Try as they may, newspapers face challenges in being reliable sources for real estate information: They depend too heavily on real estate ads, so there’s always a tendency to see the glass as “half full” or to be “weak kneed.”
In The Union this morning, a realtor tries to see the bright side in our area, observing that equity and short sales are gaining ground, and it’s presented as a one-source news story.
Short sales, however, are still loans that are “upside down.” Equity sales are growing modestly again, but you have to wonder at what price range and whether it’s sustainable. I would suspect the lower range.
Here’s the real killer: Sales of distressed properties make up nearly half of all sales in the western county in the first half of 2010. That’s a lot. It’s also occurring against a backdrop of double-digit unemployment here.
It shows how heated our local market became in the “go-go” days with real estate speculators — many of them real estate agents — rather than people who merely wanted to buy a home to live in.
It shows the weak underpinnings of our local economy, having failed to diversify beyond real estate and construction, making us vulnerable to “boom and bust” economic cycles.
Here’s some of the reality:
•Grandmere’s Inn — a landmark home and B&B in downtown Nevada City— was auctioned off for barely $600,000 — after being listed at $849,000. It previously sold for higher than that.

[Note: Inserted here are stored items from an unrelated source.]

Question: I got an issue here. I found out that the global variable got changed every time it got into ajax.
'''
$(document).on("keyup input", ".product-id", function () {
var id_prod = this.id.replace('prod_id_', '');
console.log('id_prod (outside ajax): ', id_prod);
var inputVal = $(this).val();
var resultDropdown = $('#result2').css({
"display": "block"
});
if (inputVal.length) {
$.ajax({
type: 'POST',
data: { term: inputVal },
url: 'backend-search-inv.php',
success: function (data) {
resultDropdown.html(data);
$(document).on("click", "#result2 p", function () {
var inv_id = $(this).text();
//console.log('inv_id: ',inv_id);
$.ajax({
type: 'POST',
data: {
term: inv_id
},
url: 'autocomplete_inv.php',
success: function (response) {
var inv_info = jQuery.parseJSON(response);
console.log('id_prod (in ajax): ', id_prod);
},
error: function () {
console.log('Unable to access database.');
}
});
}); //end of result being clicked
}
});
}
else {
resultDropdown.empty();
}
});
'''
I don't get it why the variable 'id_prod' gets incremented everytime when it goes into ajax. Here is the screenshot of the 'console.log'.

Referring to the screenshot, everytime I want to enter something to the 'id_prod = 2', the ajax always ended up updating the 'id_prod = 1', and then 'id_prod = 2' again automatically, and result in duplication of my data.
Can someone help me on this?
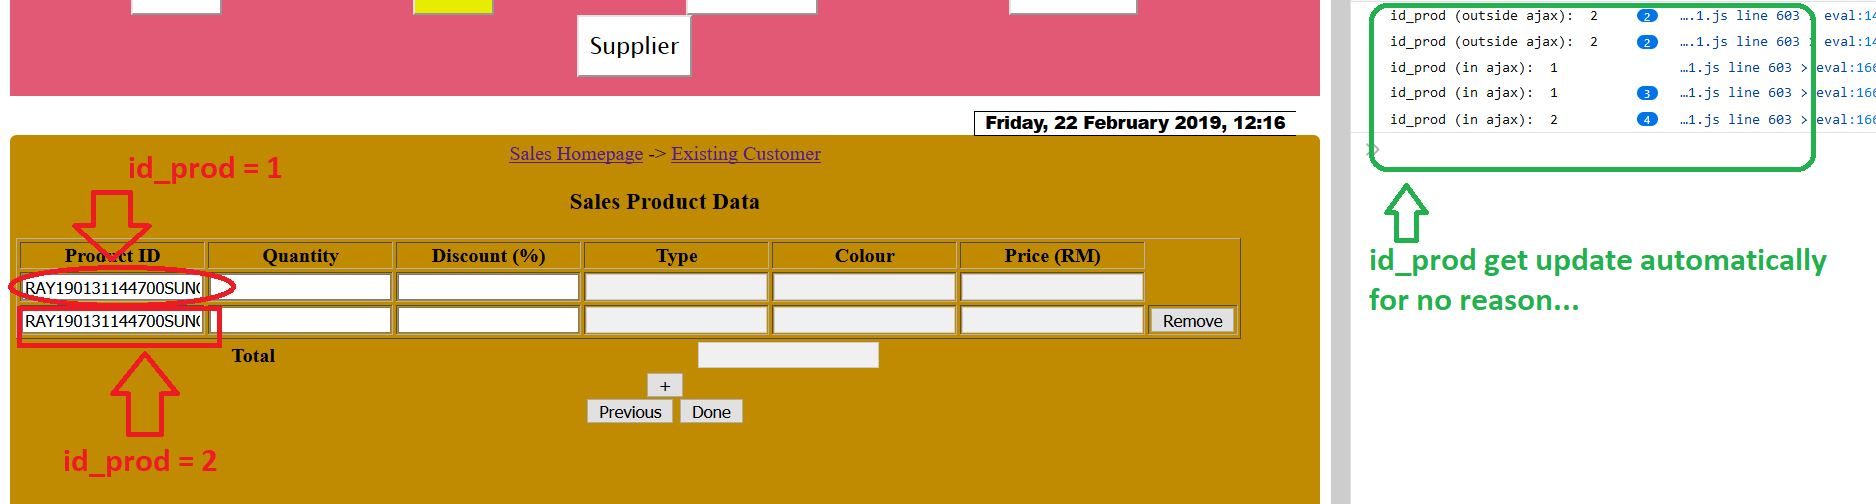
Answer: So basically I just declare the 'id_prod' as a global variable and assigned 0 as it's default value. Then, for 'id_prod' is basically assigned to new value once it's in the 'keyup input' event.
Thanks to Mohamed Yousef for his answer in my own question's comment section!
'''
//DECLARE id_prod as a global variable...
var id_prod = 0;
$(document).on("keyup input", ".product-id", function(){
id_prod = this.id.replace('prod_id_', '');
var inputVal = $(this).val();
var resultDropdown = $('#result2').css({"display":"block"});
if(inputVal.length){
$.ajax({
type: 'POST',
data: {term:inputVal},
url: 'backend-search-inv.php',
success: function(data){
resultDropdown.html(data);
}
});
}
else{
resultDropdown.empty();
}
});
// WHEN RESULT BEING CLICKED...
$(document).on("click", "#result2 p", function(){
var inv_id = $(this).text();
$.ajax({
type: 'POST',
data: {term:inv_id},
url: 'autocomplete_inv.php',
success: function (response) {
var inv_info = jQuery.parseJSON(response);
console.log('id_prod (in ajax): ',id_prod);
$('#prod_id_'+id_prod).val(inv_info[0]);
$('#prod_qty_'+id_prod).val(1);
$('#prod_disct_'+id_prod).val(0);
$('#prod_type_'+id_prod).val(inv_info[1]);
$('#prod_colour_'+id_prod).val(inv_info[2]);
$('#prod_price_'+id_prod).val(inv_info[3]);
$('#result2').empty();
sumPrice();
},
error: function(){
console.log('Unable to access database.');
}
});});
'''

•The Holbrooke Hotel — a landmark hotel in downtown Grass Valley — is in foreclosure proceedings, with an auction set for Aug. 23. It is listed at $1.4 million, down from $4.4 million in 2008, as I reported. It sold for $2.35 million in 2005.
There are many other example of prominent properties around here being sold as distressed properties — both commercial and residential.
Another is Villaggio di Vigneto — a bank-owned “Tuscany” in Penn Valley — which I reported previously. It supposedly is in escrow.
They all pull down the median price for commercial and residential properties — often used as a bargaining chip in sales.
“If the asking price for the Holbrooke has dropped by $3 million in less than two years, consider for a moment the ripple effect it will have on local commercial real estate,” as former Nevada City Mayor Steve Cottrell wrote on this blog.
From a consumer’s view, having no or little equity in your home is not going to help jump-start consumer spending. It makes you feel “poor.”
People who borrowed against what equity they did have during the recession to expand their business remain at risk.
We also have an aging, declining population, and many retirees will need to sell their home in coming years to get into assisted living as they become elderly.
Our local governments, meanwhile, depend on property tax receipts to pay for services. The county depends on property tax more than sales tax.
In short, we’re in a very precarious situation in our local economy.
If there’s a bright spot in “resetting” the value of our real estate, it’s that homes are more affordable for young families. But we’ll need to create some better paying jobs to go along with them or it won’t matter.
We will have to wait until year-end to get a better grasp of how far we have to go to get out of the real estate hole in our western county, some of it self inflicted.